I was reading Munkres' proof that topologist's sine curve is not path connected. What confused me was why he bothered to reduce the path $f:[a,c]\to\bar{S}$ to $f:[b,c] \to \bar{S}$. As is understood by me, it is to assure that $x(t)\gt0$ for $t>b$, so that one can always choose $u$ with $0 < u < x(1/n)$ for arbitrary large $n$. To put it in another way, the crucial point is to use the right discontinuity of the point $b$. Is that so? What if one proceed with the entire path instead? Thanks in advance!
From a purely logical standpoint, Munkres' reduction is not needed.
Let $g(x)=\sin(1/x)$, $0<x\leq 1$. Let $S(x)=(x,g(x))$, the graph of $g$. The key fact is that for any $x_0>0$, there are infinitely many values of $x$ between $0$ and $x_0$ with $g(x)=1$, and with $g(x)=-1$.

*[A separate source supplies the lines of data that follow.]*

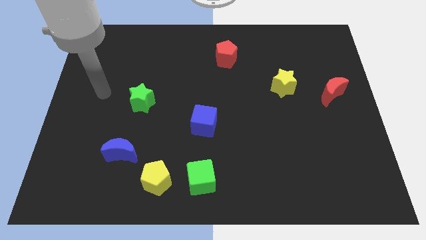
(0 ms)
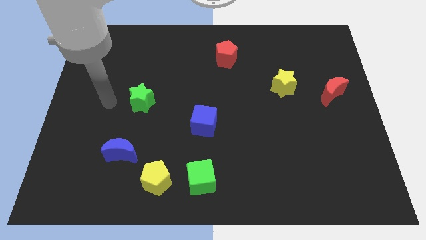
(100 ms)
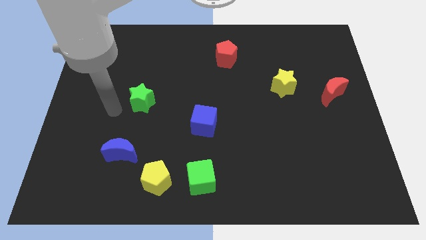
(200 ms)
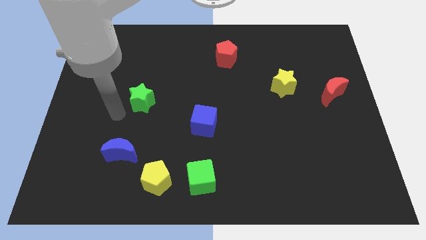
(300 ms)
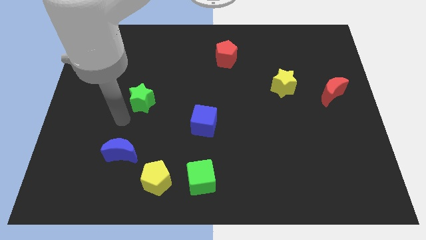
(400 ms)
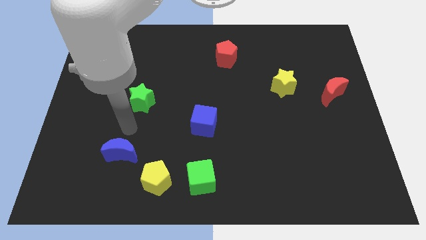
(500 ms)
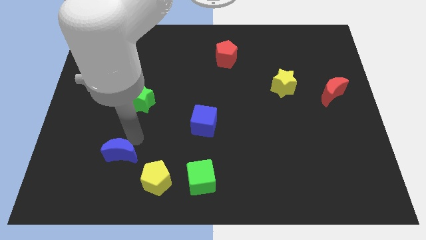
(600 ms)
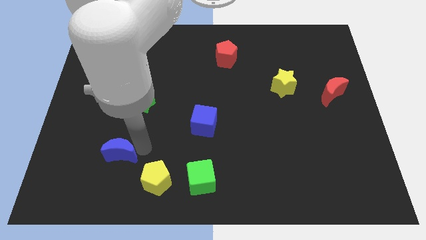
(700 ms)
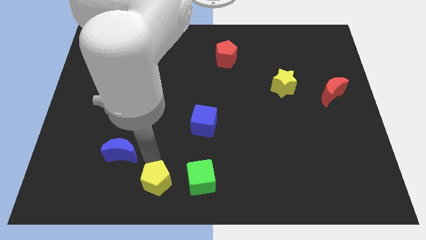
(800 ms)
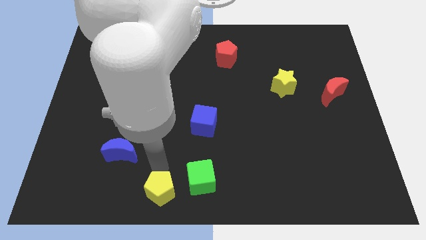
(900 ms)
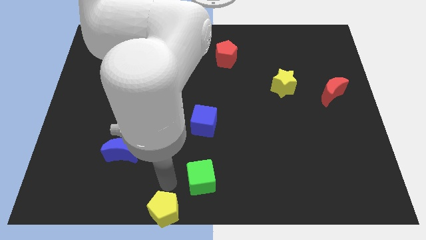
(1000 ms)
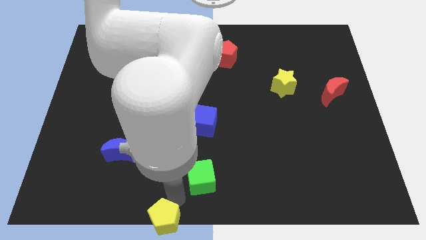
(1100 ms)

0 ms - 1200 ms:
pull the green cube apart from the yellow pentagon

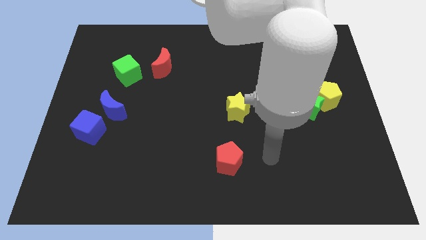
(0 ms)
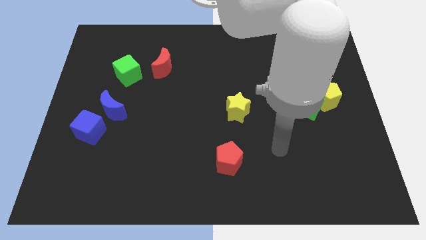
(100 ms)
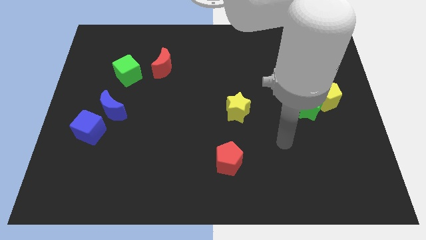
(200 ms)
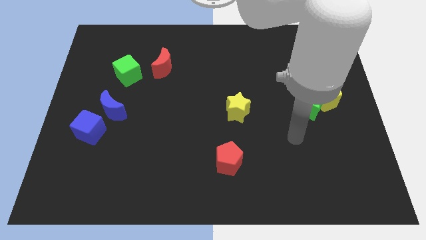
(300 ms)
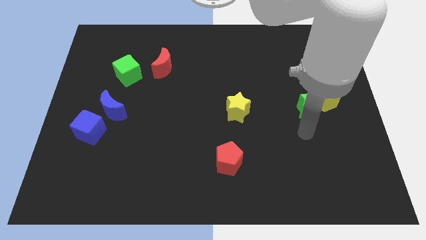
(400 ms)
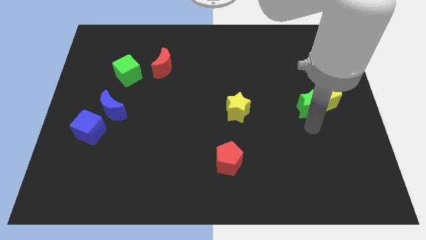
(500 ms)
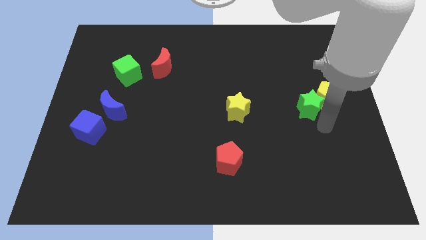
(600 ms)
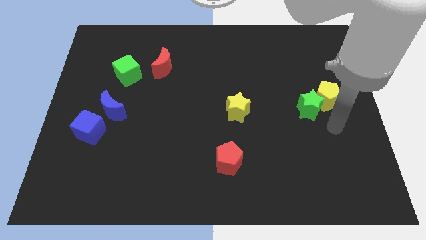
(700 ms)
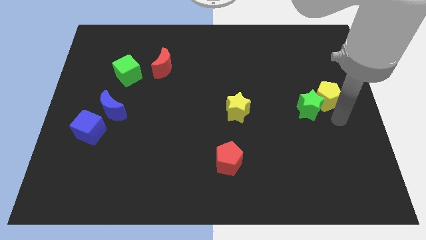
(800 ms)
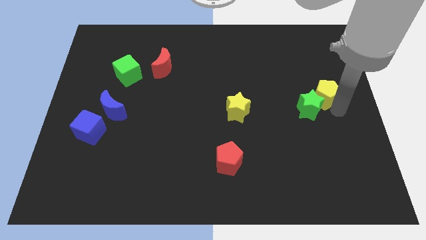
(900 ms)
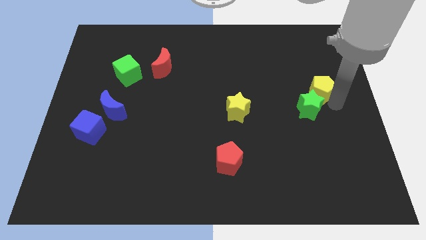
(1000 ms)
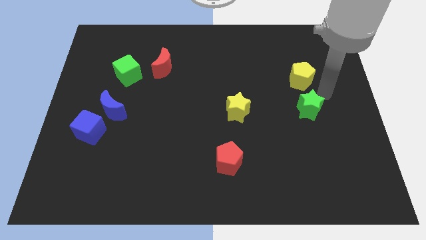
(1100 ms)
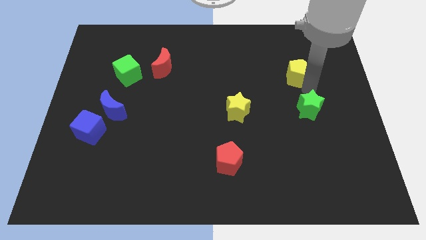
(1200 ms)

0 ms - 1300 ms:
pull the green star apart from the yellow pentagon

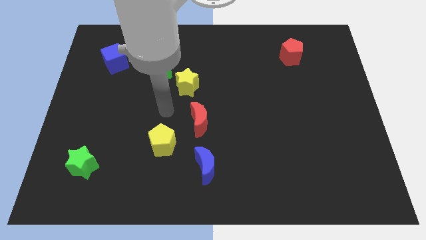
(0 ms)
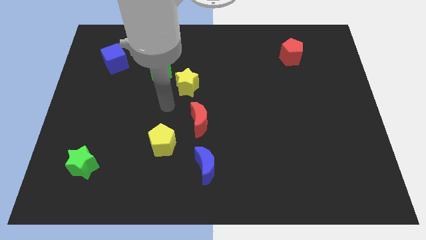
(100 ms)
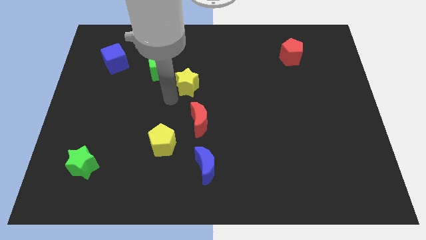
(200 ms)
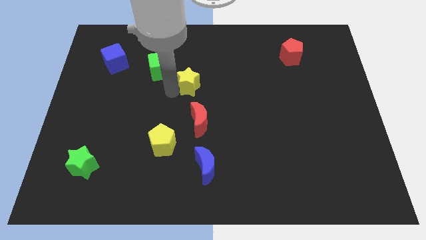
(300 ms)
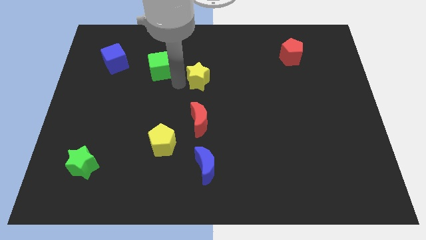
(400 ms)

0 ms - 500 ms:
move the green cube away from the yellow star

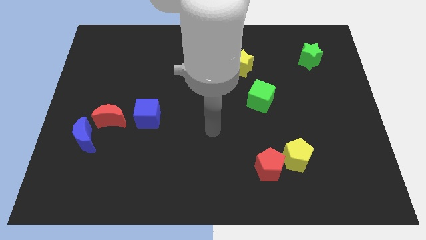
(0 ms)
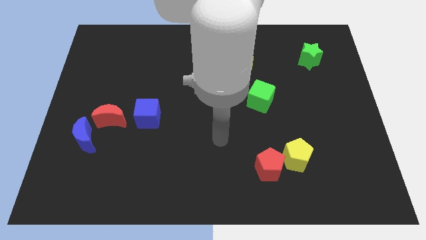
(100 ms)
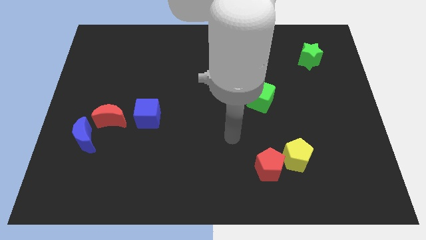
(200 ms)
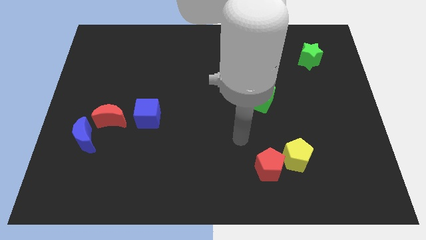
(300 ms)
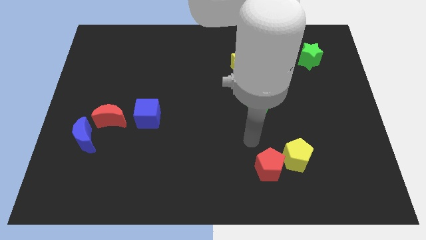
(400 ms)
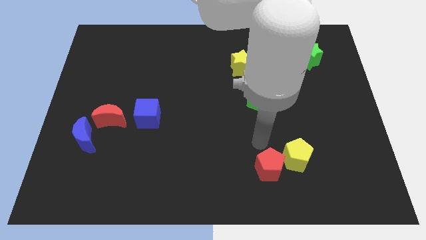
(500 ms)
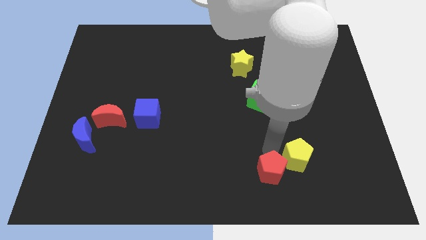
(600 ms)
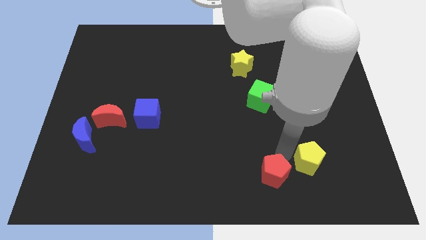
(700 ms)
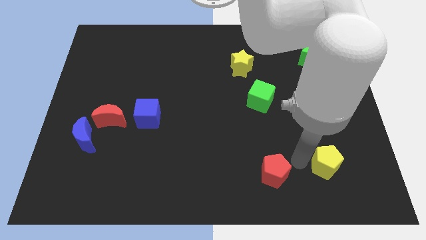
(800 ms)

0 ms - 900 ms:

Say $f:[a,c]\to\overline{S}$ is a path connecting $(0,0)$ to some point in $S$. Let $f(t)=(x(t),y(t))$ with $x(a)=0$ and $x(c)=x_0>0$. Set $t_0=c$, and inductively define a sequence $t_0>t_1>\ldots >a$ with $x(t_n)=x_n$ and $g(x_n)=(-1)^n$ for all $n\geq 1$. The mere existence of such a sequence shows that $t\mapsto g(x(t))$ cannot be a continuous function, since $t_n$ must have a limit greater than or equal to $a$, but $g(x(t_n))$ cannot have a limit. If $t\mapsto g(x(t))$ is not continuous, then $t\mapsto (x(t),g(x(t))=f(t)$ isn't either.
The sequence $\{t_n\}$ can be defined inductively. Suppose $t_{n-1}$ has been defined. We know that there is an $x$-coordinate, say $u$, such that $g(u)=(-1)^n$ and $0<u<x_{n-1}$. Now we just need a time-coordinate to go with it: a $t_n$ such that $a<t_n<t_{n-1}$ and $x(t_n)=u$. But $u$ is between $0=x(a)$ and $x_{n-1}=x(t_{n-1})$, so by the intermediate value theorem, $x(t_n)=u$ for some $t_n$ inbetween $a$ and $t_{n-1}$.
This is basically Munkres' argument. The fact that $f$ might not move for awhile--that $f(t)$ might be stationary between $a$ and some $b>a$--turns out to be irrelevant to the logic. However, I do think that Munkres' argument is more appealing from a visual standpoint.